All patents related to IEEE standards are listed on the IEEE website:
http://standards.ieee.org/about/sasb/patcom/patents.html
Any companies that have essential patents for an IEEE standard are required to disclose them and give letters of assurances that they will license them to users under FRAND conditions. Samsung did do this.
In my opinion, the terms that Samsung offered were not "Reasonable" and were completely out of line compared to all other license fees associated with IEEE standards. Typically these fees are "one time fees per company, often less than $1000.00 USD". I feel that this causes a "chilling effect" with all existing IEEE standards until IEEE defines what exactly "Reasonable" means. (disclaimer: I am technical editor for two IEEE standards)

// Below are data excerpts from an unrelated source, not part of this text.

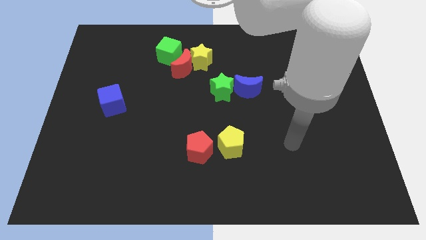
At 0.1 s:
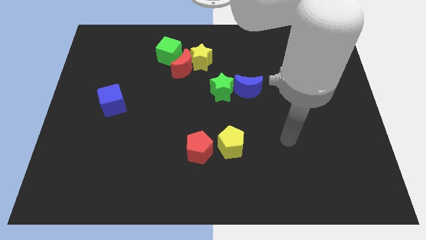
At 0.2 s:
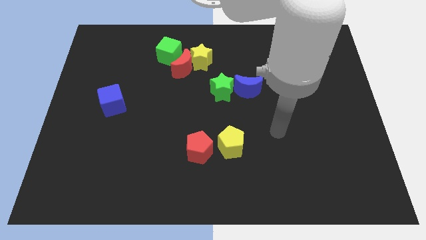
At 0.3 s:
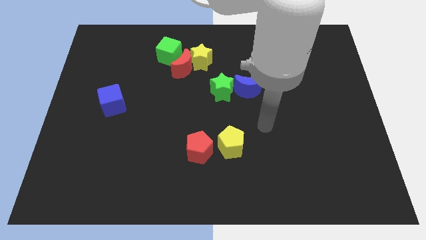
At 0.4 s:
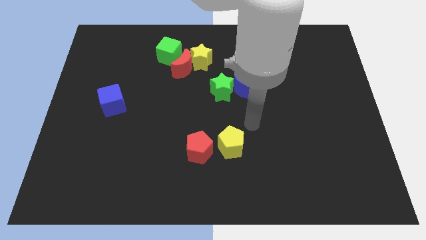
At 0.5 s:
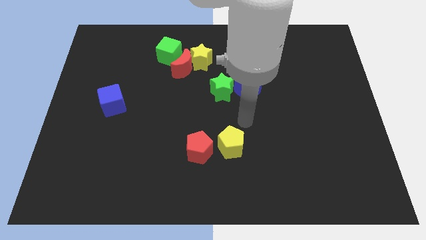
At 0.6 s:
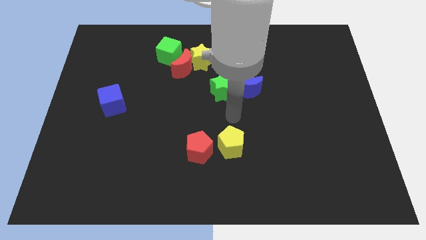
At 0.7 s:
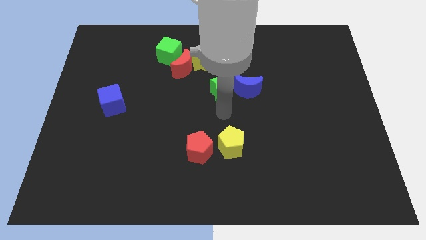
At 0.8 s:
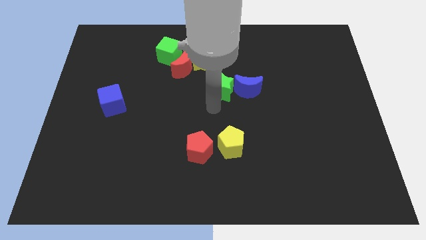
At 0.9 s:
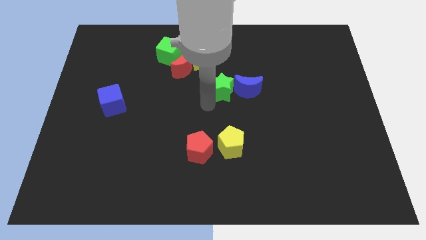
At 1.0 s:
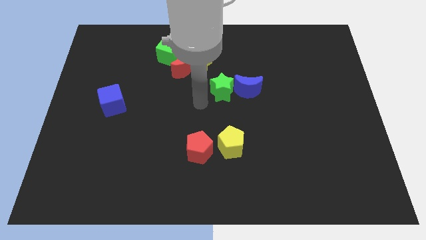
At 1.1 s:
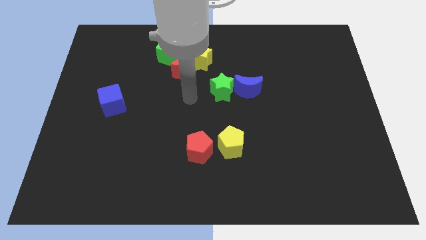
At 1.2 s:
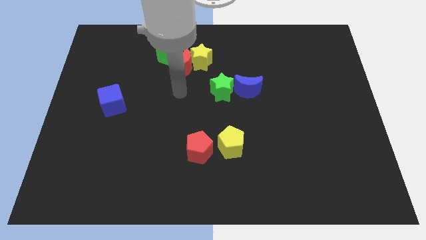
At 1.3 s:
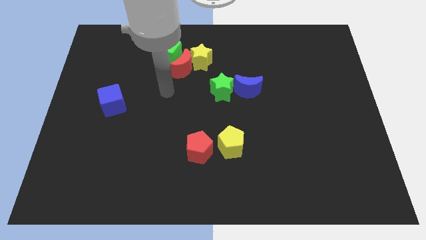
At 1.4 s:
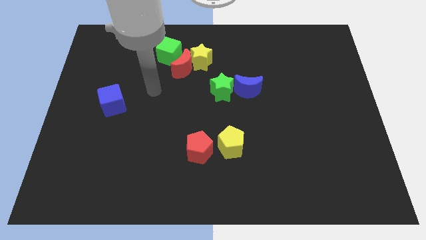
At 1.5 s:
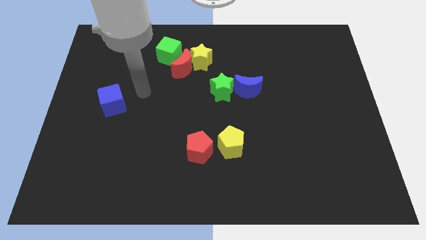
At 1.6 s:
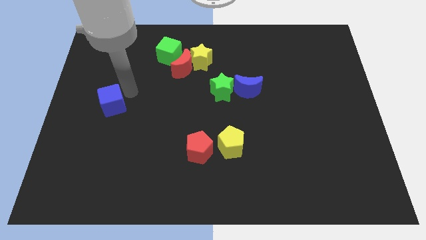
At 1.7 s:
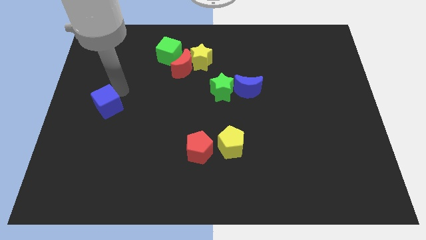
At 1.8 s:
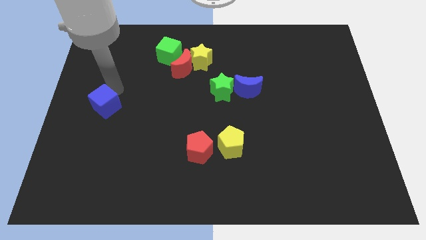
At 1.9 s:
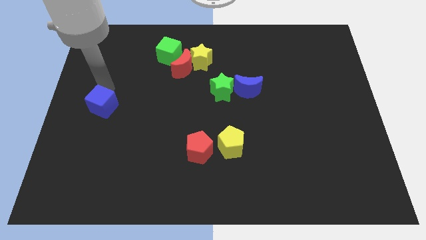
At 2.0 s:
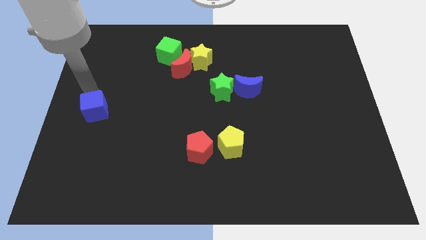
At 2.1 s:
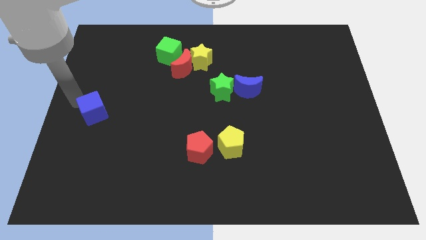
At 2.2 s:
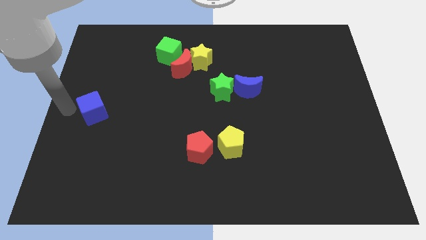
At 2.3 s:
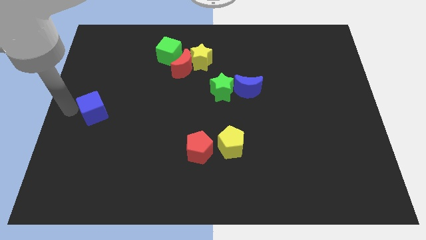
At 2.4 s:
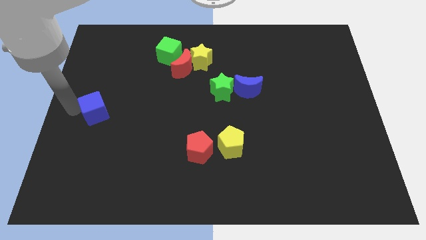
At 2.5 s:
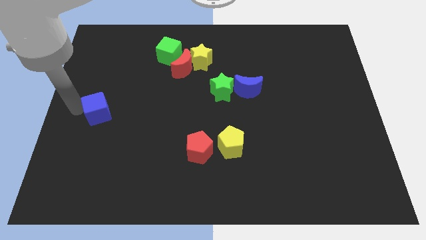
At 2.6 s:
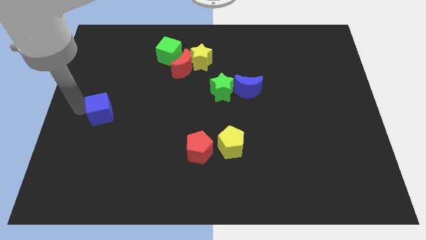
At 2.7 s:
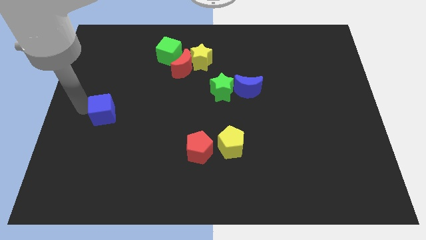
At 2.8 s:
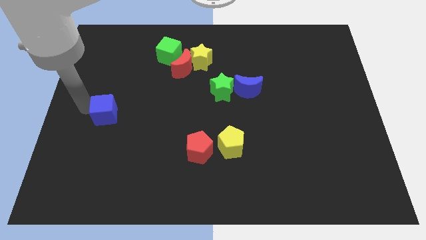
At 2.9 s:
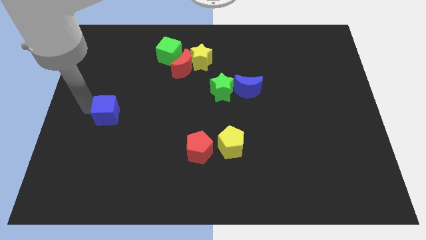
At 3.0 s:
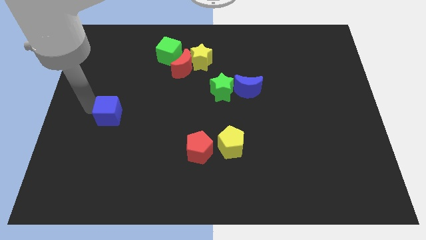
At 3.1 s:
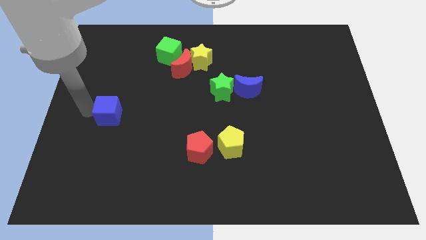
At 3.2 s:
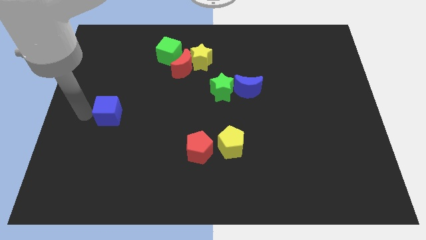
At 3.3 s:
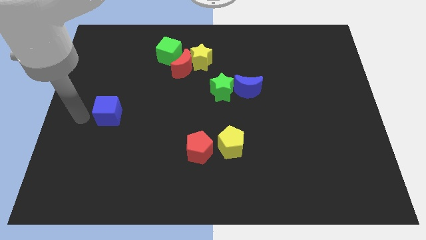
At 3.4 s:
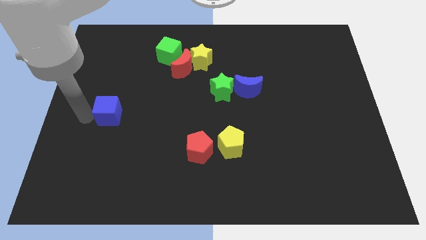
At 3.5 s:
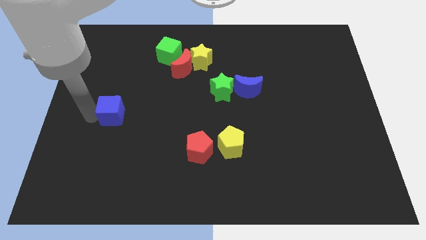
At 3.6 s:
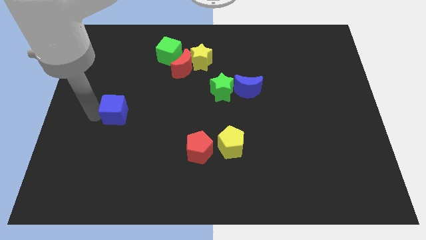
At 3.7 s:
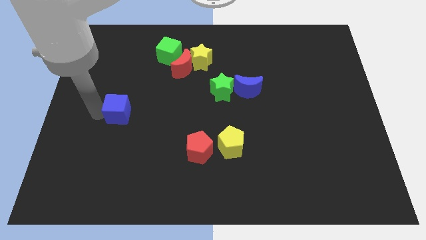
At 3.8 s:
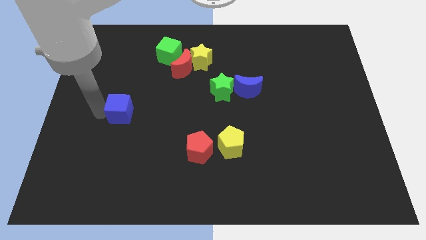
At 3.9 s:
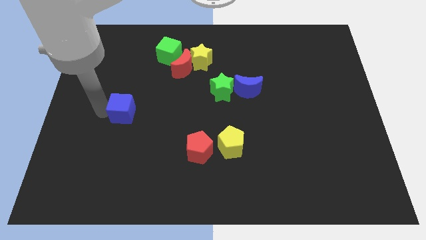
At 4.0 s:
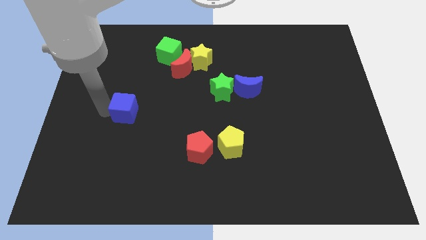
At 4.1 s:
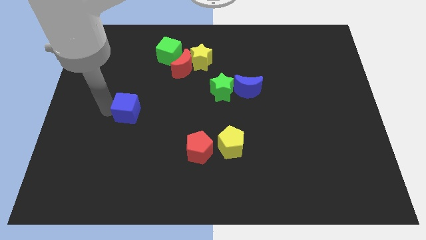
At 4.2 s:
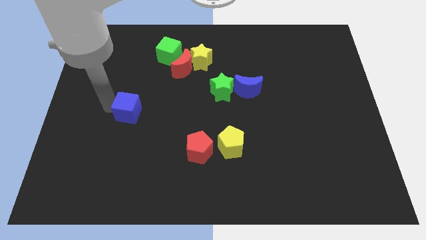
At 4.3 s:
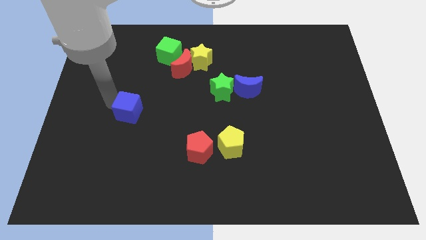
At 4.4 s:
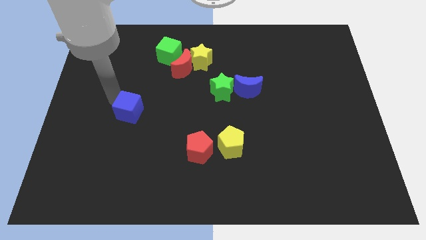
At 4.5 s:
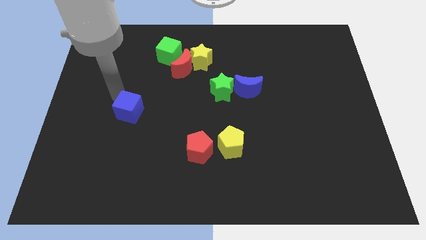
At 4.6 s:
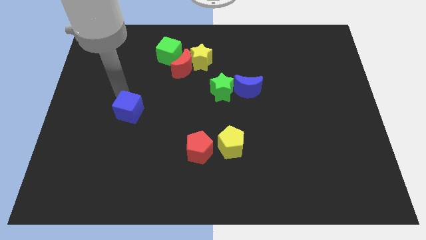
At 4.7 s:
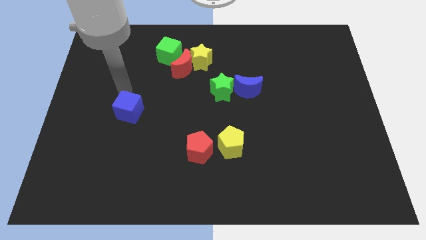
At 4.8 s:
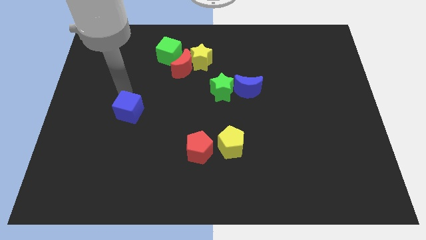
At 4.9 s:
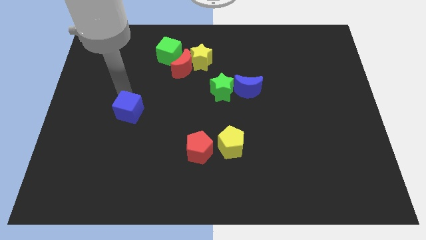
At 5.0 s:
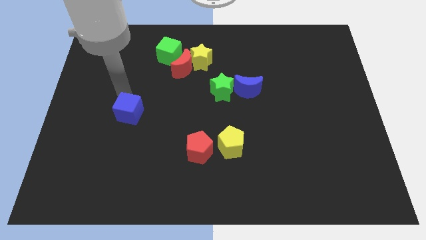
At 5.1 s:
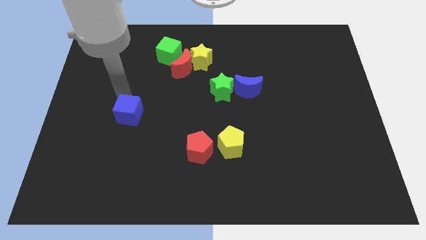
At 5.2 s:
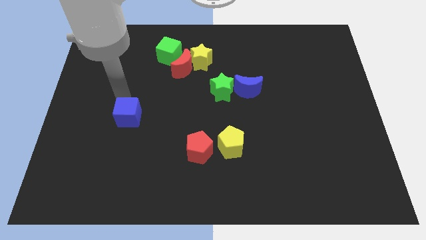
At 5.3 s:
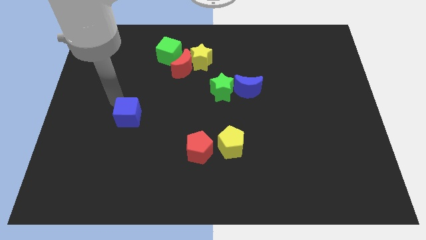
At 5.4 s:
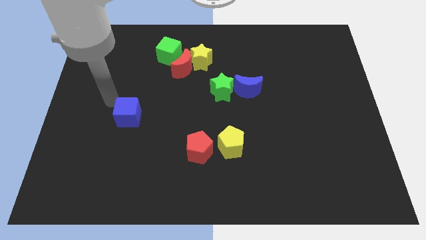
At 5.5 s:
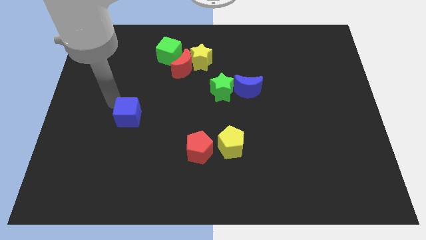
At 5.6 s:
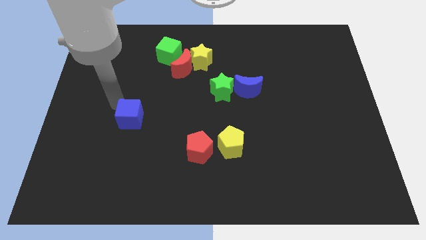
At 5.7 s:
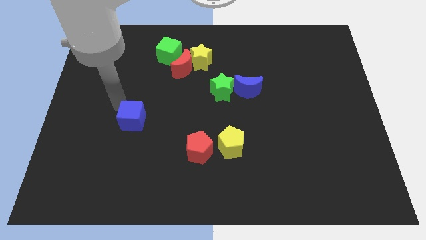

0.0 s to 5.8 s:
slightly move the blue cube downwards and to the right

Of course that in itself can be a huge problem for GPL and any open source implementations - for instance see the patents that Samsung has on Precision Time Protocol ( http://standards.ieee.org/about/sasb/patcom/loa-1588-samsung-12apr2007.pdf ) which were blocking RedHat from releasing ptpd: https://bugzilla.redhat.com/show_bug.cgi?id=556611 - It looks like in this ptpd case, Samsung was reasonable and allows people to do time stamping of packets for free as in GPL.
Regardless of my opinions, ITC said the fees to Apple were reasonable. I guess here the government steps in and says that the fees still stand but the ruling can't block the shipment of devices.